ASSIGNMENT: Quote the lines below from the one containing "Image taken 2.6 s after image 1." to the final line, both ends included; exclude the pictures.

PROVIDED RECORDS:

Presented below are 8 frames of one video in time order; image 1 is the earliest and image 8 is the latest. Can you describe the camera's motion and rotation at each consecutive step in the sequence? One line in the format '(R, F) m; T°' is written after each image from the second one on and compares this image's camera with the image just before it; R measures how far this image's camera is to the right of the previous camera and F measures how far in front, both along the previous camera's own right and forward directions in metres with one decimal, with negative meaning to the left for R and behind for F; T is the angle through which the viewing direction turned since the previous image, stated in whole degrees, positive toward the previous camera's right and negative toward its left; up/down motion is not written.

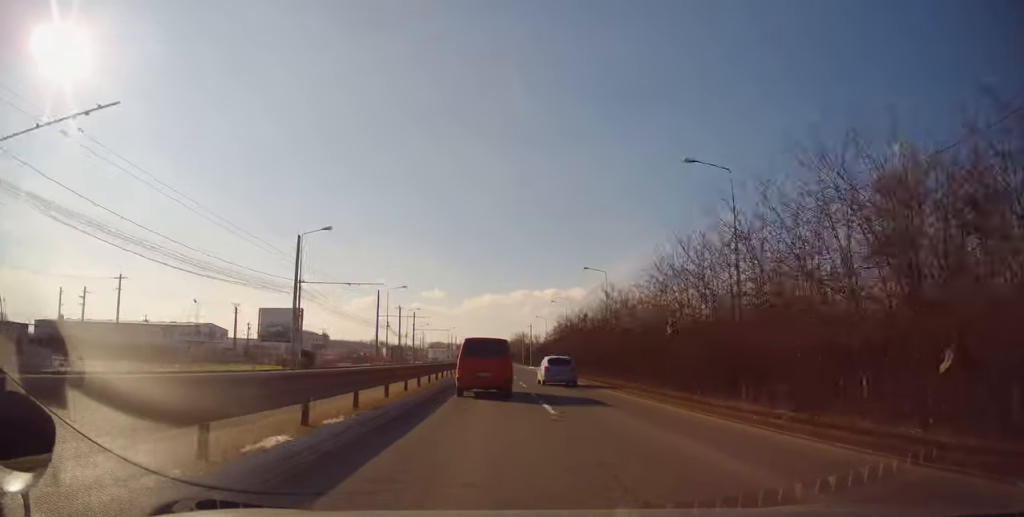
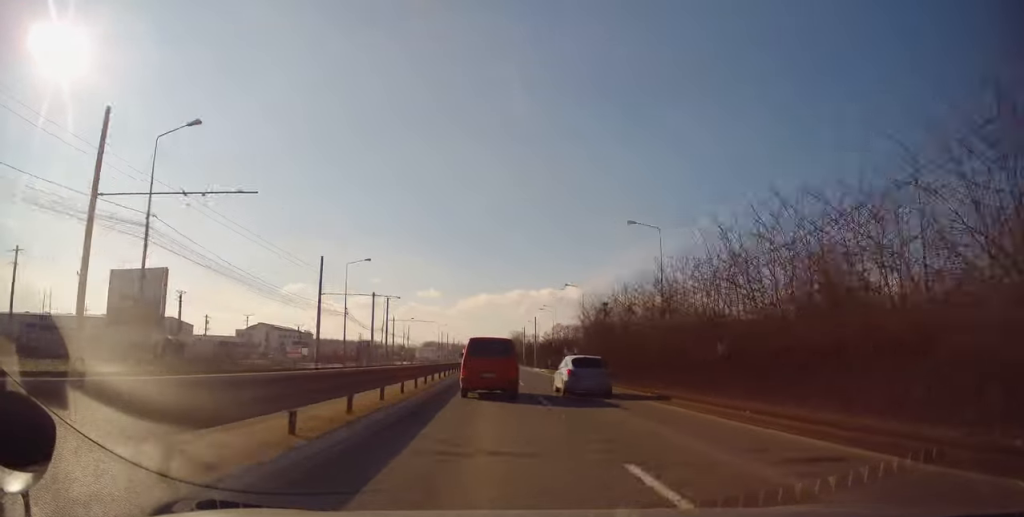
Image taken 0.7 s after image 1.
(-0.2, +21.3) m; 0°
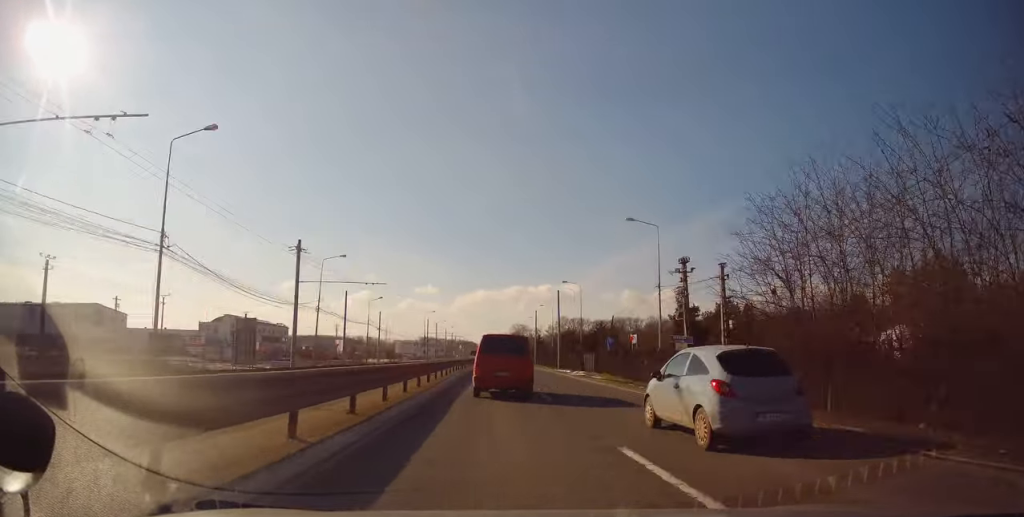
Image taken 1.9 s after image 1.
(+0.2, +33.2) m; +1°
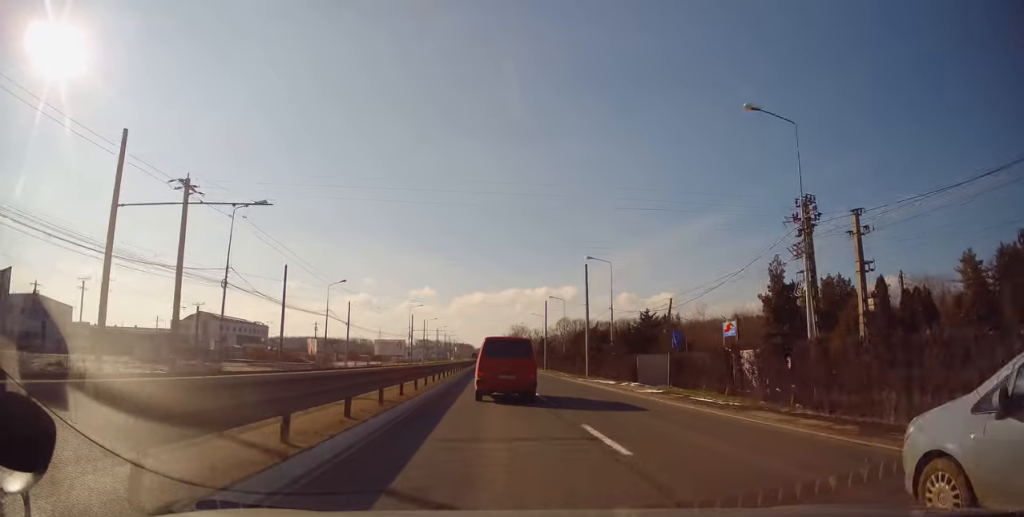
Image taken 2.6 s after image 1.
(+0.2, +21.7) m; +1°
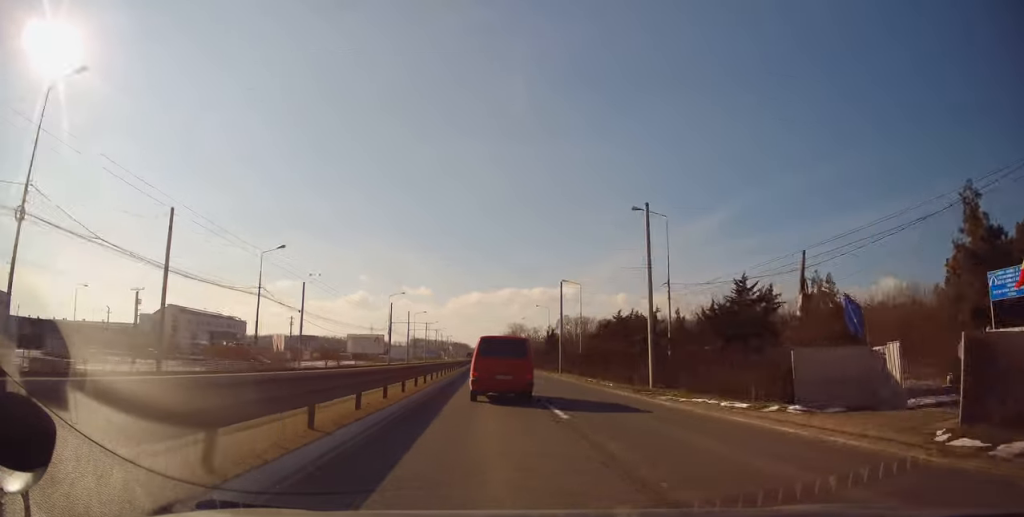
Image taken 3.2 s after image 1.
(-0.1, +18.9) m; +1°
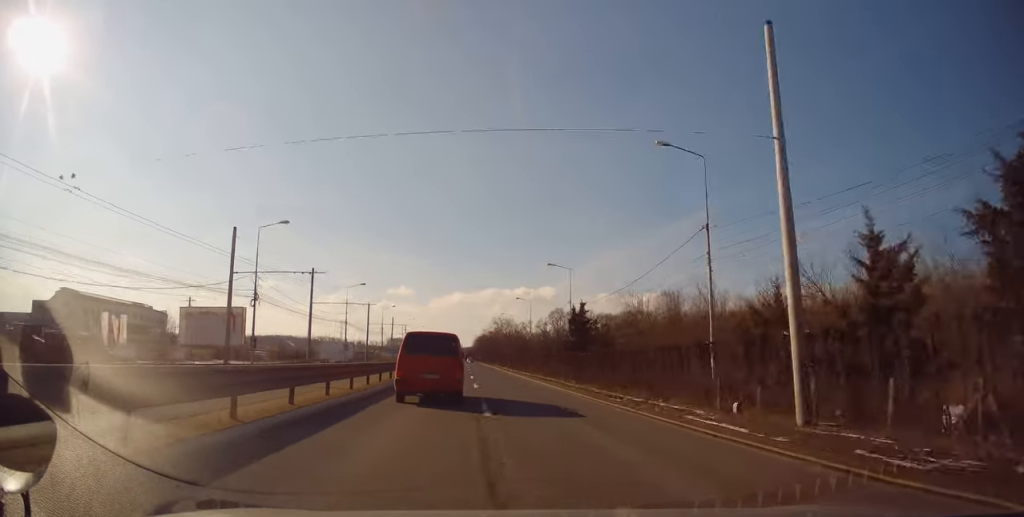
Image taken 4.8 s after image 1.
(+0.4, +46.7) m; 0°
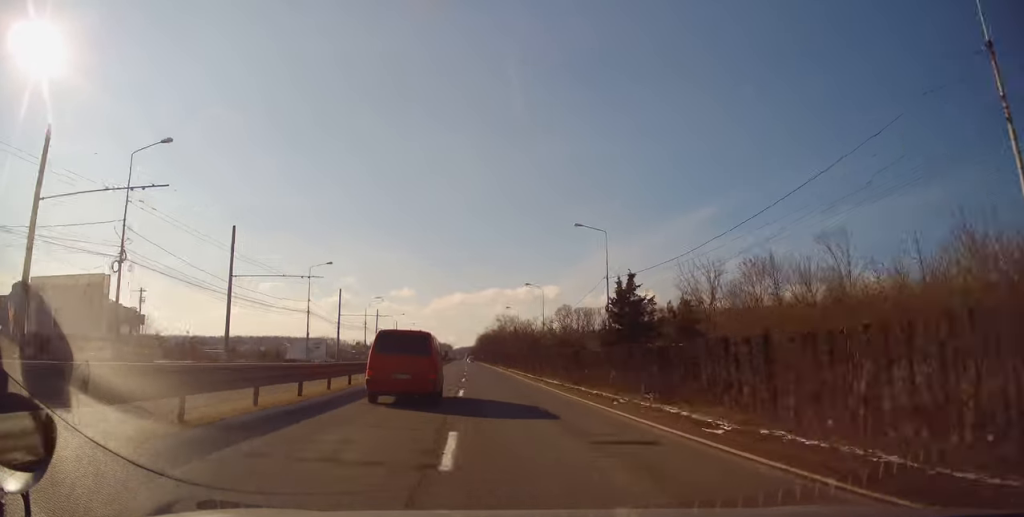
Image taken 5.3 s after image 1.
(-0.1, +17.5) m; 0°
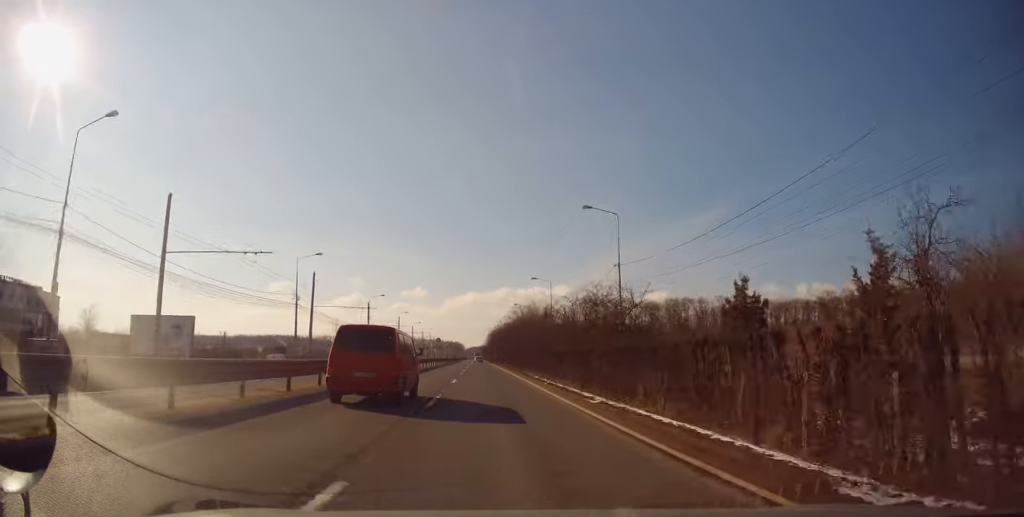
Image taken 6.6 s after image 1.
(+0.3, +39.6) m; -1°

TASK RESPONSE:
Image taken 2.6 s after image 1.
(+0.2, +21.7) m; +1°
Image taken 3.2 s after image 1.
(-0.1, +18.9) m; +1°
Image taken 4.8 s after image 1.
(+0.4, +46.7) m; 0°
Image taken 5.3 s after image 1.
(-0.1, +17.5) m; 0°
Image taken 6.6 s after image 1.
(+0.3, +39.6) m; -1°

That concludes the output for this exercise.